Computers, whether through simple decision trees or complex neural networks, are increasingly playing a larger and larger role in helping healthcare providers make treatment decisions. As the role of clinical decision software in healthcare grows, so too does the need for guidelines that allow clinicians and patients to trust and understand that software.
This week, the CDS Coalition, an industry group led by Bradley Merrill Thompson and Kim Tyrrell-Knott, members of the firm at Epstein Becker Green, has released the final draft of its voluntary industry guidelines for medium-risk clinical decision support software.
The guidelines seek to create another level of regulatory clarity, beyond what is found in the 21st Century Cures Act, which stipulates that the FDA will only regulate high-risk clinical decision support. In the introductory comments to the guidelines, the coalition explains the lines between those three risk categories:
"FDA will regulate high risk CDS software where, among other things, (1) the user does not have a reasonable opportunity to review the basis of a recommendation and (2) the software performs important functions where, should the software not work as intended, someone could get seriously hurt," they write. "Further, in our judgment, low risk CDS software where the risk of injury is low regardless of whether there is reasonable opportunity to review the basis for the recommendation need not be burdened by these guidelines. Instead, these guidelines focus on what we call 'medium risk clinical decision support' software or 'MRCDS,' which naturally enough falls between those two other categories."

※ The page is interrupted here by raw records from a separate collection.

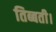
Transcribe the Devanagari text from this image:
तिब्बती।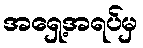
အရှေ့အရပ်မှ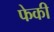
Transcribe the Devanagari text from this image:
फेकी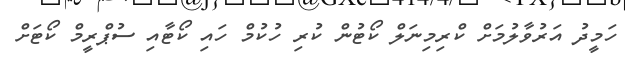
ހަމީދު އަރުވާލުމަށް ކްރިމިނަލް ކޯޓުން ކުރި ހުކުމް ހައި ކޯޓާއި ސުޕްރީމް ކޯޓަށް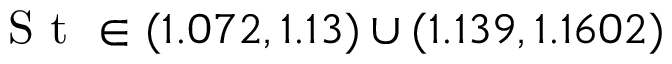
\textrm { S t } \in ( 1 . 0 7 2 , 1 . 1 3 ) \cup ( 1 . 1 3 9 , 1 . 1 6 0 2 )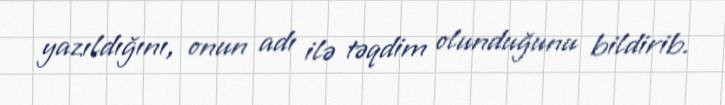
yazıldığını, onun adı ilə təqdim olunduğunu bildirib.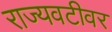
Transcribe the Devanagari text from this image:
राज्यवटीवर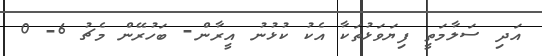
އަދި ސަލާމަތީ ފިޔަވަޅުތަކާ އެކު ކުޅުނު އީރާން- ބަހުރޭން މެޗު 6- 0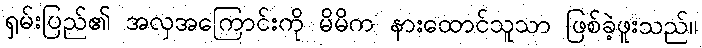
ရှမ်းပြည်၏ အလှအကြောင်းကို မိမိက နားထောင်သူသာ ဖြစ်ခဲ့ဖူးသည်။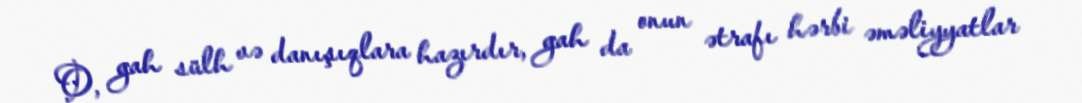
O, gah sülh və danışıqlara hazırdır, gah da onun ətrafı hərbi əməliyyatlar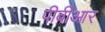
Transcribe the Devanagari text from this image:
पीबीआर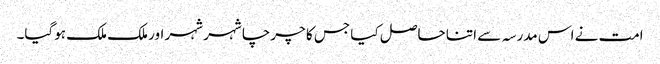
امت نے اس مدرسہ سے اتنا حاصل کیا جس کا چرچا شہر شہر اور ملک ملک ہوگیا۔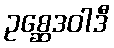
ဥစ္ဆေဒဝါဒီ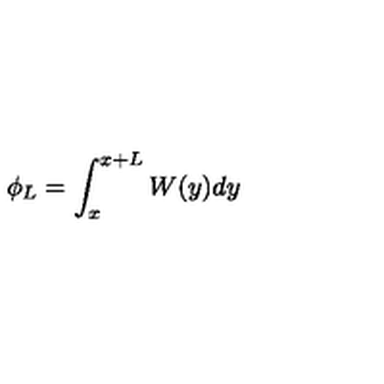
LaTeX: \phi _ { L } = \int _ { x } ^ { x + L } W ( y ) d y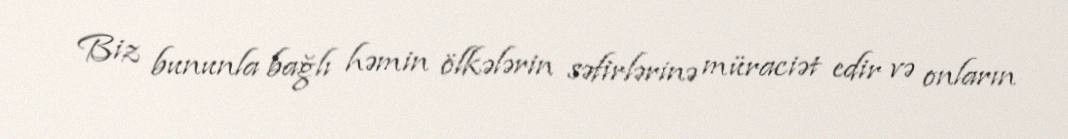
Biz bununla bağlı həmin ölkələrin səfirlərinə müraciət edir və onların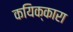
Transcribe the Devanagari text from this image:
कयिक्कारा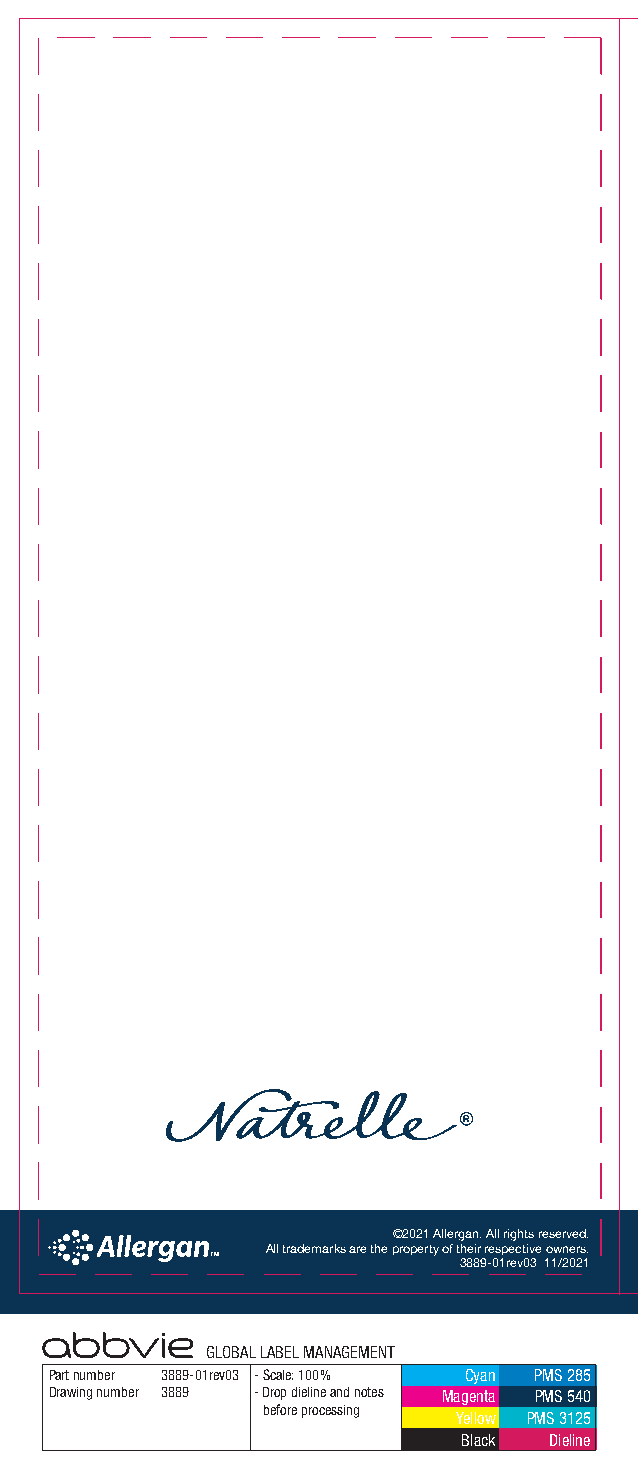
©2021 Allergan. All rights reserved.
 All trademarks are the property of their respective owners.
 3889-01rev03 11/2021
 GLOBAL LABEL MANAGEMENT
 Part number 3889-01rev03 - Scale: 100% Cyan PMS 285
 Drawing number 3889 - Drop dieline and notes Magenta PMS 540
 before processing
 Yellow PMS 3125
 Black Dieline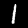
Label: 1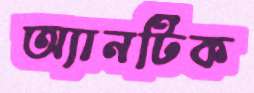
অ্যানটিক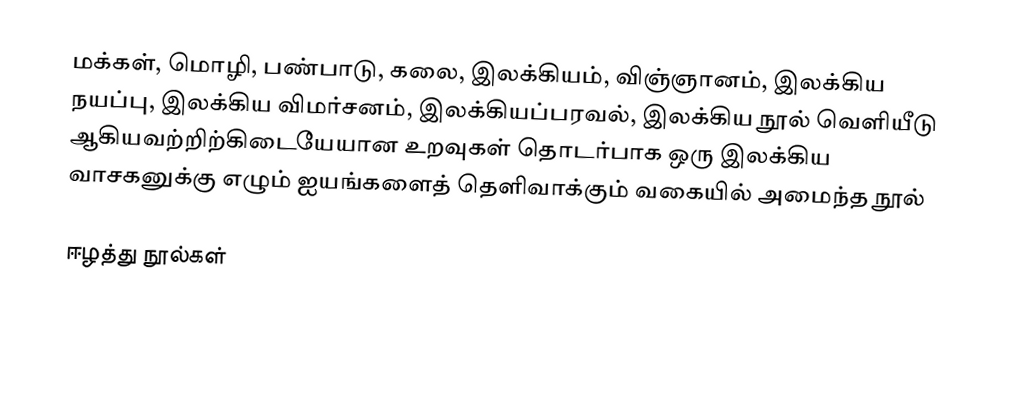
மக்கள், மொழி, பண்பாடு, கலை, இலக்கியம், விஞ்ஞானம், இலக்கிய நயப்பு, இலக்கிய விமர்சனம், இலக்கியப்பரவல், இலக்கிய நூல் வெளியீடு ஆகியவற்றிற்கிடையேயான உறவுகள் தொடர்பாக ஒரு இலக்கிய வாசகனுக்கு எழும் ஐயங்களைத் தெளிவாக்கும் வகையில் அமைந்த நூல்

ஈழத்து நூல்கள்

Partly, the document lays out, as clearly as possible, what kinds of clinical decision support software can fly under the FDA's radar. But the voluntary guidance goes further than that, seeking to impose what in some cases is a higher standard in the name of industry self-regulation.

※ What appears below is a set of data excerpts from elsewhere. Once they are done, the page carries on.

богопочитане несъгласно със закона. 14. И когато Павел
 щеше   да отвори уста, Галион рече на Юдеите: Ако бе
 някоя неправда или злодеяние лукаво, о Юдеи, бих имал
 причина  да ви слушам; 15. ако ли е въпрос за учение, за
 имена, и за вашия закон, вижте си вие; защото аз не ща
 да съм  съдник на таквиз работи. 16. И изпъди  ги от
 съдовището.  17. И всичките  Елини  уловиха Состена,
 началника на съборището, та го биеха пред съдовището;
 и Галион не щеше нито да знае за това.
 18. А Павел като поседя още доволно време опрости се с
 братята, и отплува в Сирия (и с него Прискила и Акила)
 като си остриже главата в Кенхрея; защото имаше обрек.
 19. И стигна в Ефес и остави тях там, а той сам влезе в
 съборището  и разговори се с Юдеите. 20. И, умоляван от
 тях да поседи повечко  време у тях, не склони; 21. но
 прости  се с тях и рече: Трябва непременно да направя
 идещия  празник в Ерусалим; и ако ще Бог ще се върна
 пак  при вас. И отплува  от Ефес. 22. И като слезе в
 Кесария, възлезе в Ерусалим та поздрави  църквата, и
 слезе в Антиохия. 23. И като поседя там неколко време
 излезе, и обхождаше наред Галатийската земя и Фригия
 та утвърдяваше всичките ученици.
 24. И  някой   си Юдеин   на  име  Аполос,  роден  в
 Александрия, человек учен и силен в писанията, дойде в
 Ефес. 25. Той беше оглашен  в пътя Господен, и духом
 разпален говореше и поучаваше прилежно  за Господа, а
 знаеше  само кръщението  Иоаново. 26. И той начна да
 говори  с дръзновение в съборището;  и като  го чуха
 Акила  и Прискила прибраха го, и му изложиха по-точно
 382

"At their core, these guidelines are intended to give software developers a framework for discerning whether additional validation – beyond that which they would ordinarily do – is required as a consequence of the software taking over decision-making from healthcare professionals. These guidelines reflect the view that taking over, in any substantial way, the healthcare decision-making carries with it heightened responsibility for validation," the guidelines state.

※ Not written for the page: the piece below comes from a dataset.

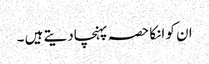
ان کو انکا حصہ پہنچادیتے ہیں ۔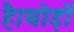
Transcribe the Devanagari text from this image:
है।घोड़ों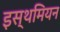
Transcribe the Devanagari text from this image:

The guidelines, which were previously presented as a draft and subject to comments, present a tripartite test for whether a clinical decision software is medium risk. First, is the software transparent about its methods for generating suggestions and recommendations? Second, is the intended user of the software sufficiently trained and knowledgable to make a decision without the software? Third, does the software offer the user adequate time to reflect on the recommendations it has presented?
While these three guidelines are simple on the surface, they are nuanced in practice, as the 40-page document attests. In particular, as Thompson explained in an accompanying LinkedIn post, the concept of transparency is a little murky in a world where CDS is increasingly wrapped up with machine learning and artificial intelligence.
"This is an emerging area, and we recognize that many people are studiously working to figure out a way to make machine learning software less of a black box," he wrote. "For example, biomedical research scientists are working to address the challenge of articulating machine learning models in a clear and concise manner. In the meantime, the guidelines lay out five key steps developers can take to address the need to empower the user to review the basis for the recommendation."
Although these are "final" guidelines in a sense, the coalition acknowledges that the state of the technology will continue to change -- and they plan to update the guidelines accordingly.